### Exercise goal
Every entry should be reproduced precisely, with each picture left out.

### Information given
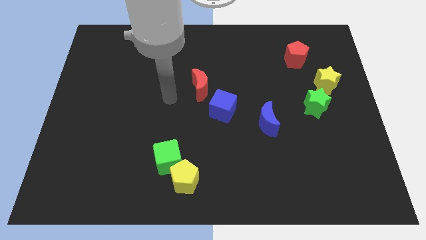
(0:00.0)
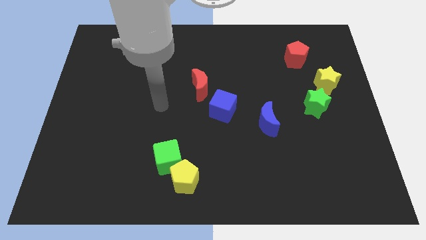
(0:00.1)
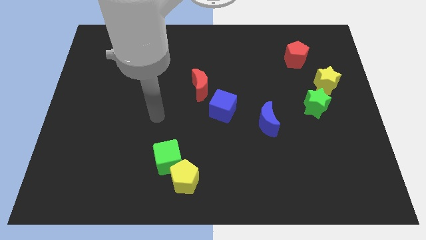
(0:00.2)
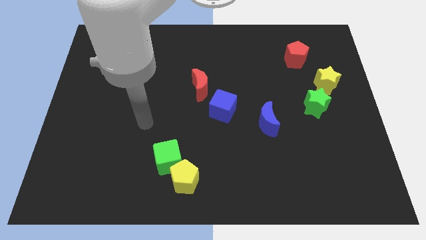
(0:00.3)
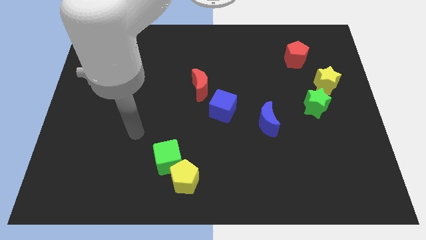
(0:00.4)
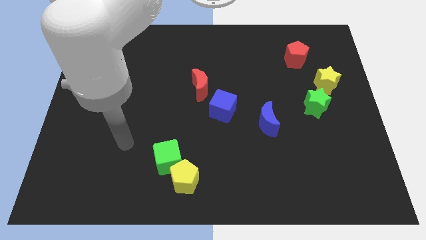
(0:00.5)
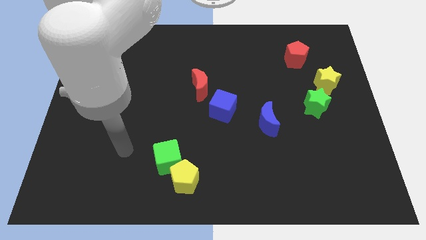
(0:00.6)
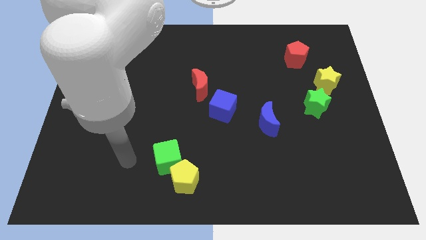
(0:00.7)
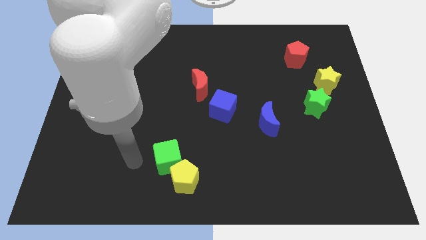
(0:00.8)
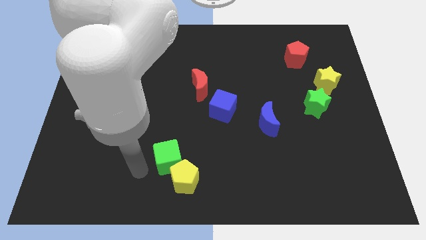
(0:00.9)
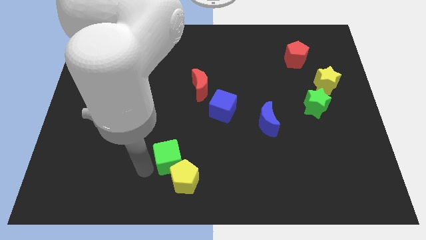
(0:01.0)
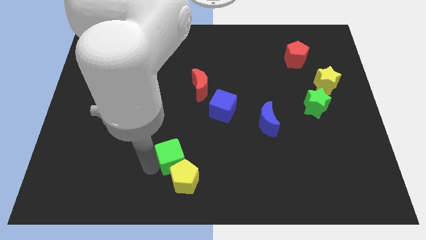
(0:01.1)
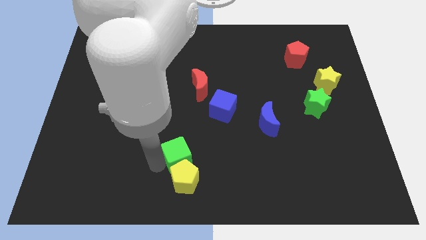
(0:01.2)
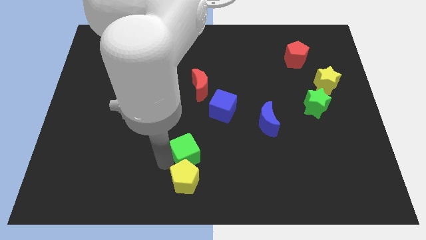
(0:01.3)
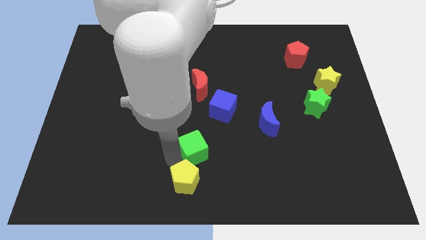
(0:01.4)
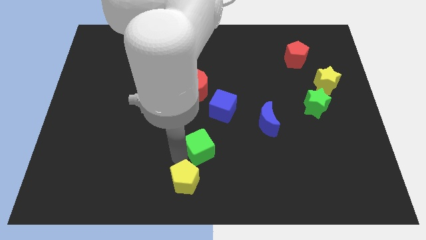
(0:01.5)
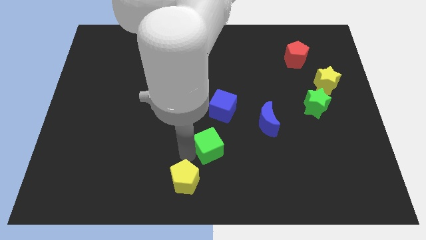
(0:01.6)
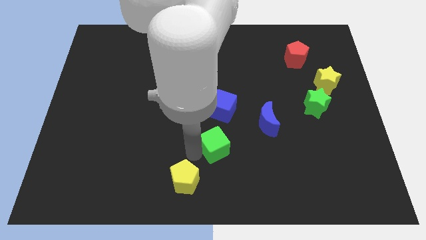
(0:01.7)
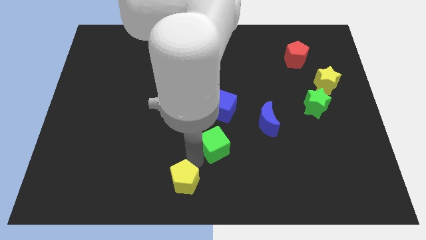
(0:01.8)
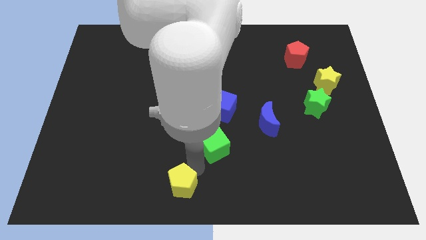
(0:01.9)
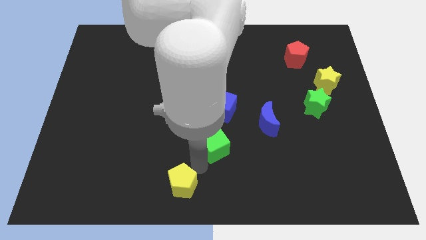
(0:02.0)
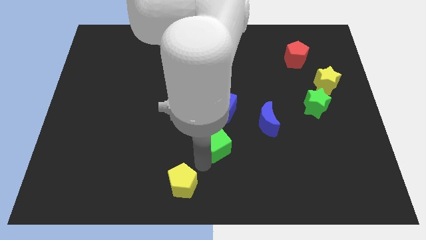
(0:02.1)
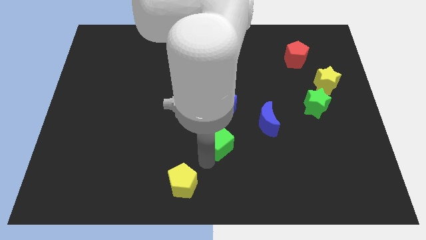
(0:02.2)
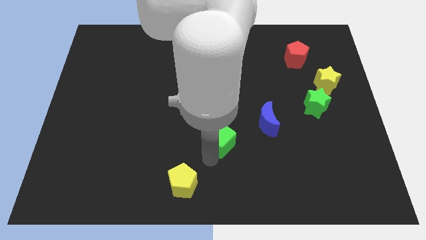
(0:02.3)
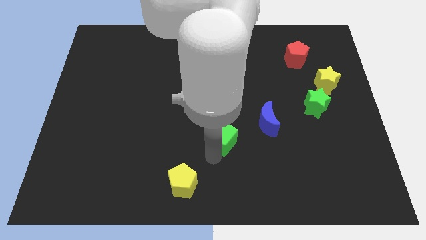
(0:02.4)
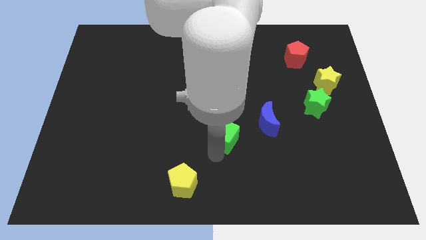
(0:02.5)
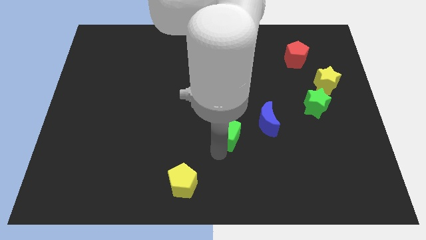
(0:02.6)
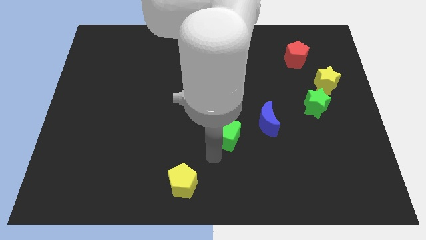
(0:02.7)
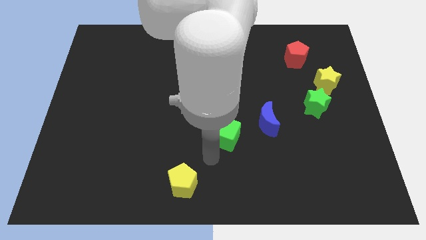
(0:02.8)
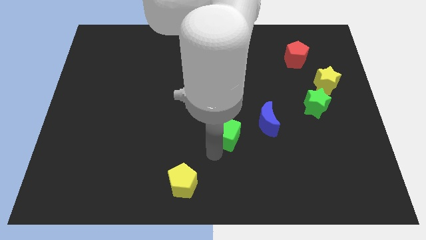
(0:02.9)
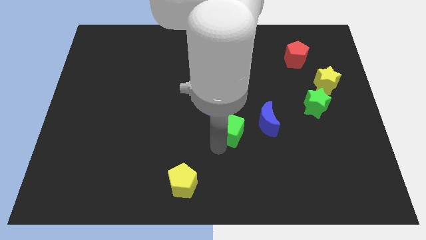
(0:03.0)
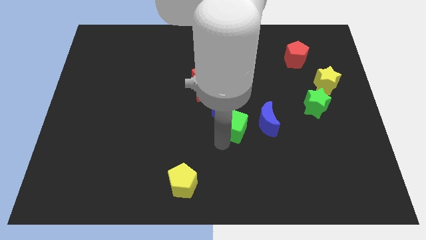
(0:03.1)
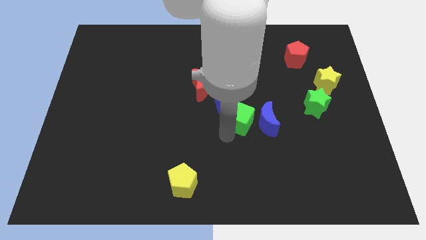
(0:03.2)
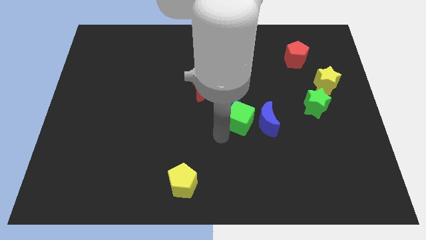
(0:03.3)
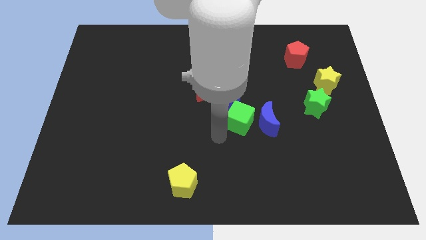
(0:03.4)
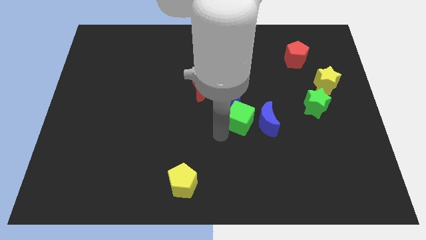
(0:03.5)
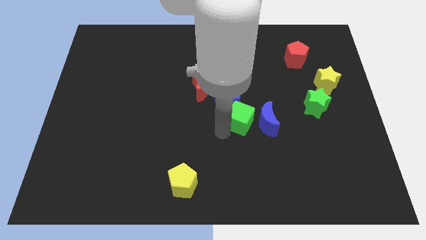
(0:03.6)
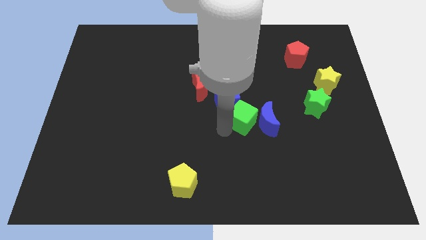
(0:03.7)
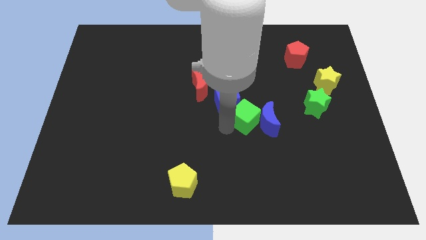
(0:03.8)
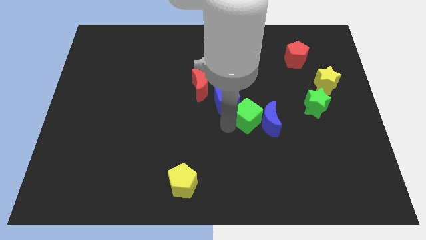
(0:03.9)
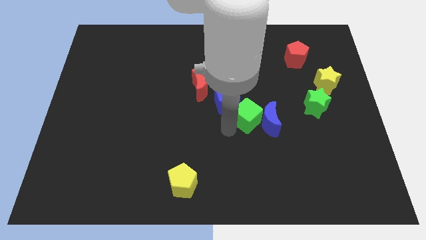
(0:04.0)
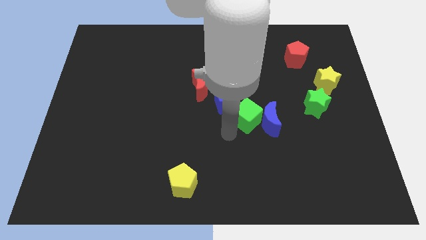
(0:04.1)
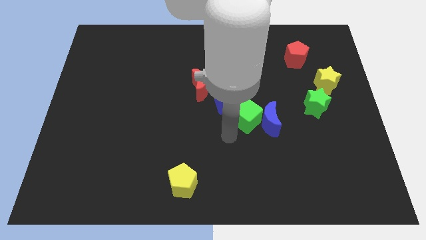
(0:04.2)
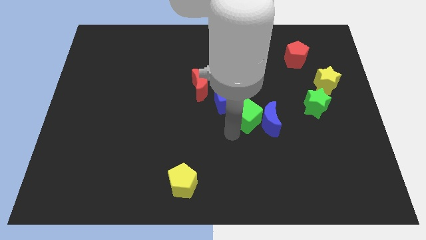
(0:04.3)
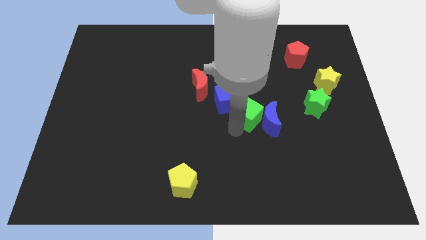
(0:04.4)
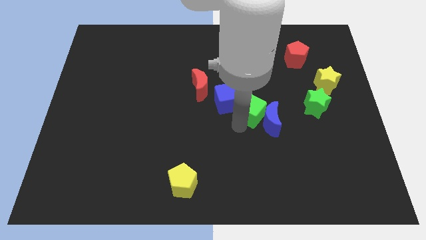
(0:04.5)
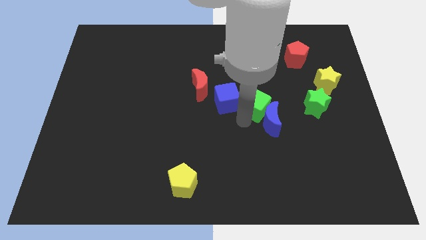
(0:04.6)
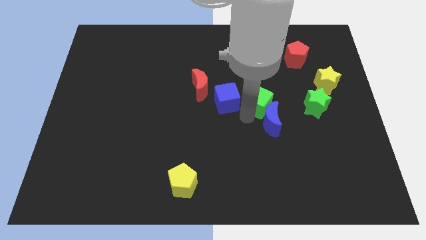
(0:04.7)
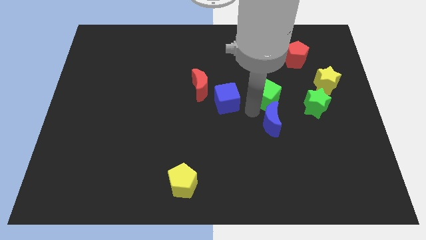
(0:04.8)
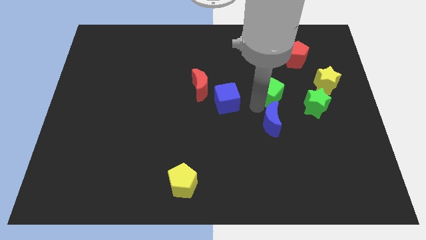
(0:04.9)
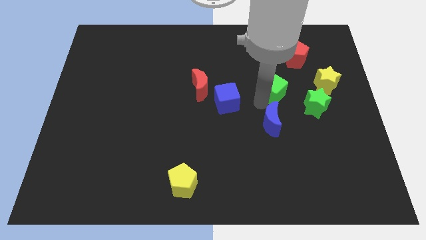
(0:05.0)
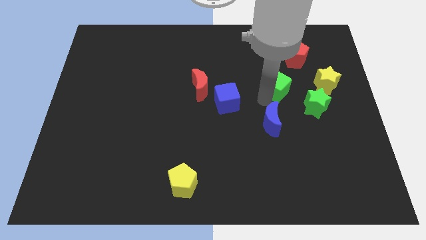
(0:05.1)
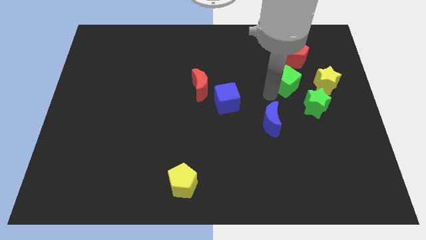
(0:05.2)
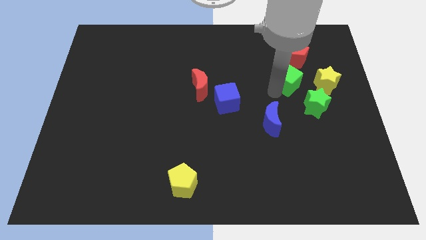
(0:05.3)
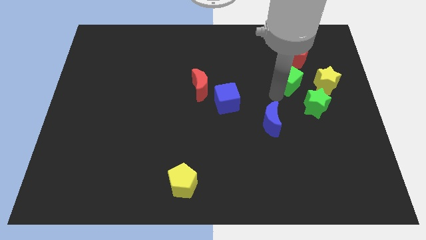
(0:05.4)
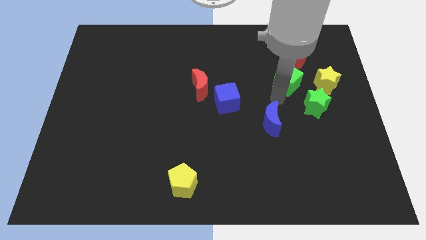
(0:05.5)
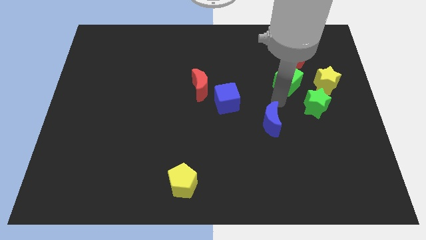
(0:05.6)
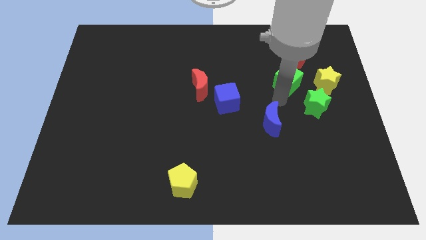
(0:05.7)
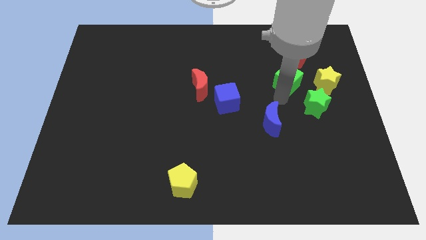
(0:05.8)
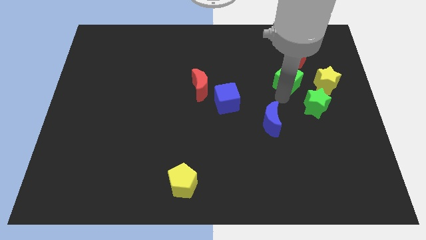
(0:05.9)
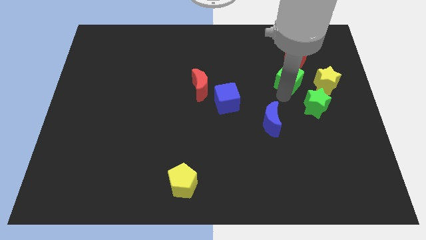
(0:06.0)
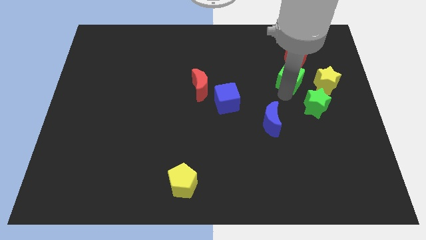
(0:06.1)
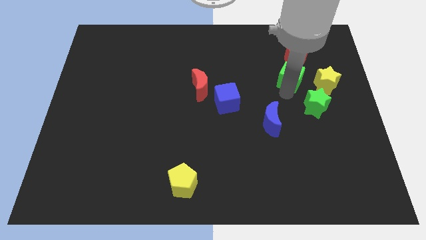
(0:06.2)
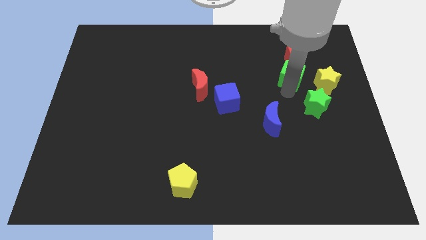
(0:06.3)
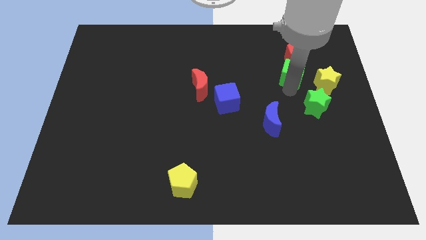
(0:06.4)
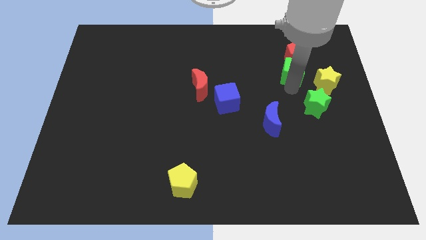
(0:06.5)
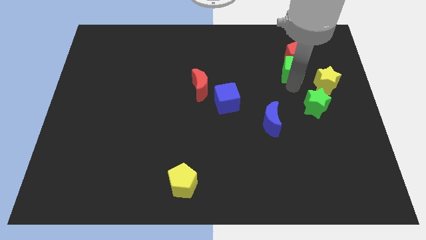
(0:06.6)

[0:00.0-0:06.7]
put the green cube diagonally down and to the right of the red pentagon

### Reply to the exercise
(0:00.0)
(0:00.1)
(0:00.2)
(0:00.3)
(0:00.4)
(0:00.5)
(0:00.6)
(0:00.7)
(0:00.8)
(0:00.9)
(0:01.0)
(0:01.1)
(0:01.2)
(0:01.3)
(0:01.4)
(0:01.5)
(0:01.6)
(0:01.7)
(0:01.8)
(0:01.9)
(0:02.0)
(0:02.1)
(0:02.2)
(0:02.3)
(0:02.4)
(0:02.5)
(0:02.6)
(0:02.7)
(0:02.8)
(0:02.9)
(0:03.0)
(0:03.1)
(0:03.2)
(0:03.3)
(0:03.4)
(0:03.5)
(0:03.6)
(0:03.7)
(0:03.8)
(0:03.9)
(0:04.0)
(0:04.1)
(0:04.2)
(0:04.3)
(0:04.4)
(0:04.5)
(0:04.6)
(0:04.7)
(0:04.8)
(0:04.9)
(0:05.0)
(0:05.1)
(0:05.2)
(0:05.3)
(0:05.4)
(0:05.5)
(0:05.6)
(0:05.7)
(0:05.8)
(0:05.9)
(0:06.0)
(0:06.1)
(0:06.2)
(0:06.3)
(0:06.4)
(0:06.5)
(0:06.6)

[0:00.0-0:06.7]
put the green cube diagonally down and to the right of the red pentagon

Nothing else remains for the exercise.